- Opening Delimiter -

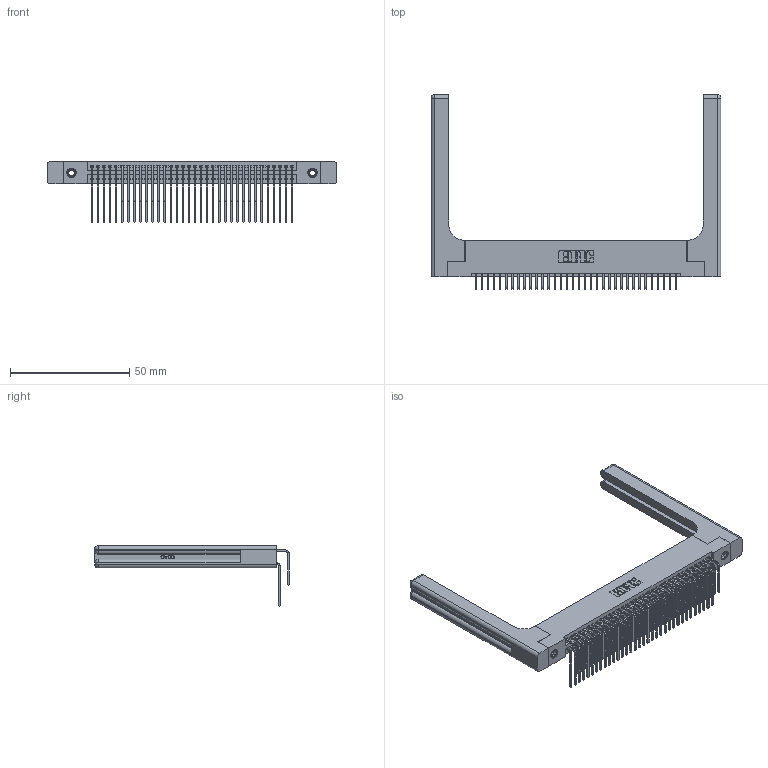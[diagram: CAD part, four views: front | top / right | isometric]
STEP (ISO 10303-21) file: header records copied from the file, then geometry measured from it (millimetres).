
FILE_DESCRIPTION (( 'STEP AP203' ), '1' );
FILE_NAME ('345-068-559-258.STEP', '2019-10-30T23:07:07', ( '' ), ( '' ), 'SwSTEP 2.0', 'SolidWorks 2016', '' );
FILE_SCHEMA (( 'CONFIG_CONTROL_DESIGN' ));
Length unit declared in the file: inch
Products named in the file (6): 345-250-001_345-250-001-102; 345-220-058_345-220-058; 345-068-559-258; 345-292-001_558 559 Tail - 1; 345 Part_Flush Mounting Lugs - 0.156 Dia-TH; 345-292-001_559 Tail - 2
Assembly tree (73 placements, depth 2):
  345-068-559-258
    345 Part_Flush Mounting Lugs - 0.156 Dia-TH
    345-292-001_558 559 Tail - 1  x34
    345-292-001_559 Tail - 2  x34
    345-250-001_345-250-001-102  x2
    345-220-058_345-220-058  x2
Bounding box: 121.39 x 81.52 x 25.53 mm (x, y, z)
Volume: 20584.7 mm3; surface area: 24648.6 mm2
Topology: 73 solids, 73 shells, 3918 faces, 11547 edges, 7586 vertices
Faces by surface type: plane 2608, cylinder 1250, bspline 36, cone 12, sphere 8, torus 4
Entity records: 34588 total; most frequent: CARTESIAN_POINT 6844, ORIENTED_EDGE 5524, DIRECTION 4950, EDGE_CURVE 2762, LINE 2362, VECTOR 2362, VERTEX_POINT 1830, AXIS2_PLACEMENT_3D 1294
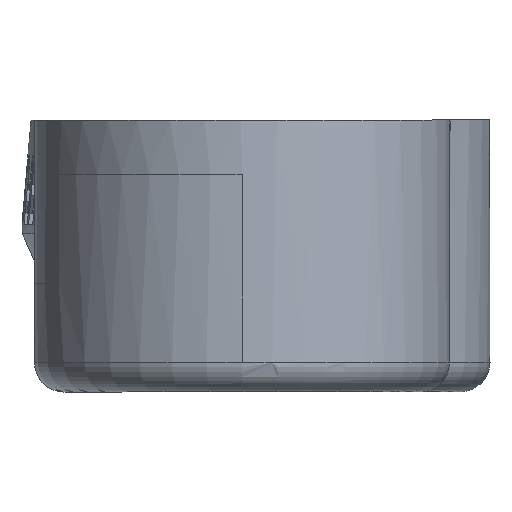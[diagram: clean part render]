
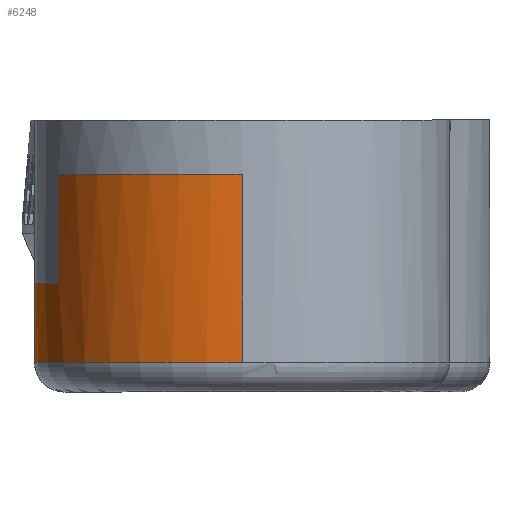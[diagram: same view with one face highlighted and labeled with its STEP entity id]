
A CAD part, front view. The second image highlights one B-rep face of the part: STEP entity #6248.
In plain terms, the highlighted cylindrical face has radius 21 mm (diameter 42 mm), a partial arc.
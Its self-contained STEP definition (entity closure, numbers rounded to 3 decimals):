
#43=CYLINDRICAL_SURFACE('',#6695,21.);
#276=B_SPLINE_CURVE_WITH_KNOTS('',3,(#13273,#13274,#13275,#13276,#13277,
#13278),.UNSPECIFIED.,.F.,.F.,(4,2,4),(0.304,0.471,
0.943),.UNSPECIFIED.);
#277=B_SPLINE_CURVE_WITH_KNOTS('',3,(#13280,#13281,#13282,#13283),
 .UNSPECIFIED.,.F.,.F.,(4,4),(0.,0.304),
 .UNSPECIFIED.);
#281=B_SPLINE_CURVE_WITH_KNOTS('',3,(#13472,#13473,#13474,#13475),
 .UNSPECIFIED.,.F.,.F.,(4,4),(0.,0.),.UNSPECIFIED.);
#282=B_SPLINE_CURVE_WITH_KNOTS('',3,(#13477,#13478,#13479,#13480,#13481,
#13482),.UNSPECIFIED.,.F.,.F.,(4,2,4),(0.,0.479,
0.959),.UNSPECIFIED.);
#605=FACE_OUTER_BOUND('',#965,.T.);
#965=EDGE_LOOP('',(#5487,#5488,#5489,#5490,#5491,#5492,#5493,#5494,#5495));
#1573=LINE('',#13291,#2170);
#1574=LINE('',#13469,#2171);
#2170=VECTOR('',#8132,10.);
#2171=VECTOR('',#8137,10.);
#2318=CIRCLE('',#6696,21.);
#2319=CIRCLE('',#6697,21.);
#2320=CIRCLE('',#6698,21.);
#2848=VERTEX_POINT('',#12714);
#2859=VERTEX_POINT('',#13272);
#2860=VERTEX_POINT('',#13279);
#2863=VERTEX_POINT('',#13288);
#2864=VERTEX_POINT('',#13290);
#2867=VERTEX_POINT('',#13466);
#2868=VERTEX_POINT('',#13468);
#2869=VERTEX_POINT('',#13470);
#2870=VERTEX_POINT('',#13476);
#3753=EDGE_CURVE('',#2848,#2859,#276,.F.);
#3754=EDGE_CURVE('',#2859,#2860,#277,.F.);
#3758=EDGE_CURVE('',#2863,#2864,#1573,.T.);
#3762=EDGE_CURVE('',#2867,#2863,#2318,.T.);
#3763=EDGE_CURVE('',#2867,#2868,#1574,.T.);
#3764=EDGE_CURVE('',#2869,#2868,#2319,.F.);
#3765=EDGE_CURVE('',#2860,#2869,#281,.F.);
#3766=EDGE_CURVE('',#2870,#2848,#282,.F.);
#3767=EDGE_CURVE('',#2864,#2870,#2320,.T.);
#5487=ORIENTED_EDGE('',*,*,#3758,.F.);
#5488=ORIENTED_EDGE('',*,*,#3762,.F.);
#5489=ORIENTED_EDGE('',*,*,#3763,.T.);
#5490=ORIENTED_EDGE('',*,*,#3764,.F.);
#5491=ORIENTED_EDGE('',*,*,#3765,.F.);
#5492=ORIENTED_EDGE('',*,*,#3754,.F.);
#5493=ORIENTED_EDGE('',*,*,#3753,.F.);
#5494=ORIENTED_EDGE('',*,*,#3766,.F.);
#5495=ORIENTED_EDGE('',*,*,#3767,.F.);
#6248=ADVANCED_FACE('',(#605),#43,.T.);
#6695=AXIS2_PLACEMENT_3D('',#13465,#8133,#8134);
#6696=AXIS2_PLACEMENT_3D('',#13467,#8135,#8136);
#6697=AXIS2_PLACEMENT_3D('',#13471,#8138,#8139);
#6698=AXIS2_PLACEMENT_3D('',#13483,#8140,#8141);
#8132=DIRECTION('',(0.001,0.,-1.));
#8133=DIRECTION('center_axis',(0.001,0.,
-1.));
#8134=DIRECTION('ref_axis',(-0.981,-0.192,0.));
#8135=DIRECTION('center_axis',(-0.001,0.,
1.));
#8136=DIRECTION('ref_axis',(0.49,-0.872,0.));
#8137=DIRECTION('',(0.001,0.,-1.));
#8138=DIRECTION('center_axis',(0.001,0.,
-1.));
#8139=DIRECTION('ref_axis',(0.49,-0.872,0.));
#8140=DIRECTION('center_axis',(0.001,0.,
-1.));
#8141=DIRECTION('ref_axis',(-0.982,-0.187,0.));
#12714=CARTESIAN_POINT('',(12.167,178.379,74.156));
#13272=CARTESIAN_POINT('',(8.658,173.704,76.671));
#13273=CARTESIAN_POINT('Ctrl Pts',(8.658,173.704,76.671));
#13274=CARTESIAN_POINT('Ctrl Pts',(8.91,174.159,76.476));
#13275=CARTESIAN_POINT('Ctrl Pts',(9.177,174.604,76.273));
#13276=CARTESIAN_POINT('Ctrl Pts',(10.256,176.256,75.475));
#13277=CARTESIAN_POINT('Ctrl Pts',(11.166,177.373,74.835));
#13278=CARTESIAN_POINT('Ctrl Pts',(12.167,178.378,74.156));
#13279=CARTESIAN_POINT('',(7.447,171.101,77.662));
#13280=CARTESIAN_POINT('Ctrl Pts',(7.447,171.101,77.662));
#13281=CARTESIAN_POINT('Ctrl Pts',(7.794,172.004,77.358));
#13282=CARTESIAN_POINT('Ctrl Pts',(8.2,172.873,77.026));
#13283=CARTESIAN_POINT('Ctrl Pts',(8.658,173.704,76.671));
#13288=CARTESIAN_POINT('',(27.077,142.561,88.673));
#13290=CARTESIAN_POINT('',(27.087,142.561,69.673));
#13291=CARTESIAN_POINT('',(27.088,142.561,68.173));
#13465=CARTESIAN_POINT('Origin',(27.04,163.561,88.673));
#13466=CARTESIAN_POINT('',(8.515,153.67,88.663));
#13467=CARTESIAN_POINT('Origin',(27.04,163.561,88.673));
#13468=CARTESIAN_POINT('',(8.521,153.67,77.663));
#13469=CARTESIAN_POINT('',(8.515,153.67,88.663));
#13470=CARTESIAN_POINT('',(7.446,171.1,77.663));
#13471=CARTESIAN_POINT('Origin',(27.046,163.561,77.673));
#13472=CARTESIAN_POINT('Ctrl Pts',(7.446,171.1,77.663));
#13473=CARTESIAN_POINT('Ctrl Pts',(7.446,171.101,77.663));
#13474=CARTESIAN_POINT('Ctrl Pts',(7.446,171.101,77.662));
#13475=CARTESIAN_POINT('Ctrl Pts',(7.447,171.101,77.662));
#13476=CARTESIAN_POINT('',(19.175,183.028,69.669));
#13477=CARTESIAN_POINT('Ctrl Pts',(12.167,178.379,74.156));
#13478=CARTESIAN_POINT('Ctrl Pts',(13.184,179.399,73.467));
#13479=CARTESIAN_POINT('Ctrl Pts',(14.292,180.302,72.741));
#13480=CARTESIAN_POINT('Ctrl Pts',(16.644,181.856,71.236));
#13481=CARTESIAN_POINT('Ctrl Pts',(17.887,182.508,70.459));
#13482=CARTESIAN_POINT('Ctrl Pts',(19.175,183.028,69.669));
#13483=CARTESIAN_POINT('Origin',(27.05,163.561,69.673));
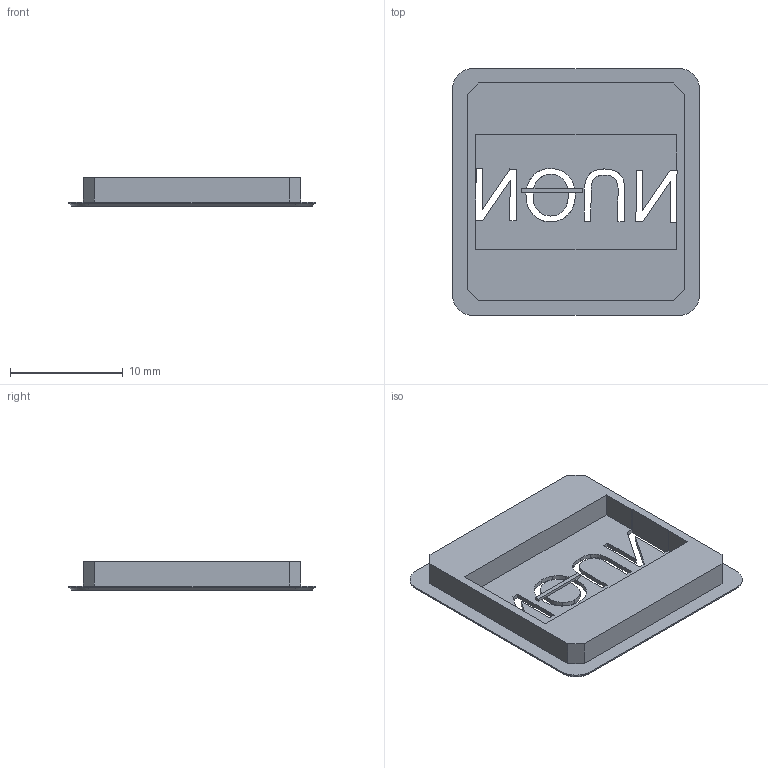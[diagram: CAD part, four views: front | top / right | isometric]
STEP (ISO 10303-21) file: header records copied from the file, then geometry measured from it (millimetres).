
FILE_DESCRIPTION(/* description */ (''),/* implementation_level */ '2;1');
FILE_NAME(/* name */ 'KeyNoun.step',/* time_stamp */ '2022-06-30T09:39:49-06:00',/* author */ (''),/* organization */ (''),/* preprocessor_version */ 'ST-DEVELOPER v19',/* originating_system */ 'Autodesk Translation Framework v11.7.0.108',/* authorisation */ '');
FILE_SCHEMA (('AUTOMOTIVE_DESIGN { 1 0 10303 214 3 1 1 }'));
Length unit declared in the file: inch
Products named in the file (1): (Unsaved)
Bounding box: 21.84 x 21.84 x 2.54 mm (x, y, z)
Volume: 577.1 mm3; surface area: 1235.2 mm2
Topology: 1 solids, 1 shells, 100 faces, 281 edges, 182 vertices
Faces by surface type: plane 61, bspline 31, cone 4, cylinder 4
Entity records: 3582 total; most frequent: CARTESIAN_POINT 1175, ORIENTED_EDGE 562, DIRECTION 363, EDGE_CURVE 281, LINE 199, VECTOR 199, VERTEX_POINT 182, EDGE_LOOP 109

- Closing Delimiter -

*Your assignment*
Look in the material above for the line with "#3762=EDGE_CURVE('',#2867,#2863,#2318,.T.);" and the line with "#6695=AXIS2_PLACEMENT_3D('',#13465,#8133,#8134);", and transcribe exactly those lines and all lines between them, nothing more.

*Answer to the exercise*
#3762=EDGE_CURVE('',#2867,#2863,#2318,.T.);
#3763=EDGE_CURVE('',#2867,#2868,#1574,.T.);
#3764=EDGE_CURVE('',#2869,#2868,#2319,.F.);
#3765=EDGE_CURVE('',#2860,#2869,#281,.F.);
#3766=EDGE_CURVE('',#2870,#2848,#282,.F.);
#3767=EDGE_CURVE('',#2864,#2870,#2320,.T.);
#5487=ORIENTED_EDGE('',*,*,#3758,.F.);
#5488=ORIENTED_EDGE('',*,*,#3762,.F.);
#5489=ORIENTED_EDGE('',*,*,#3763,.T.);
#5490=ORIENTED_EDGE('',*,*,#3764,.F.);
#5491=ORIENTED_EDGE('',*,*,#3765,.F.);
#5492=ORIENTED_EDGE('',*,*,#3754,.F.);
#5493=ORIENTED_EDGE('',*,*,#3753,.F.);
#5494=ORIENTED_EDGE('',*,*,#3766,.F.);
#5495=ORIENTED_EDGE('',*,*,#3767,.F.);
#6248=ADVANCED_FACE('',(#605),#43,.T.);
#6695=AXIS2_PLACEMENT_3D('',#13465,#8133,#8134);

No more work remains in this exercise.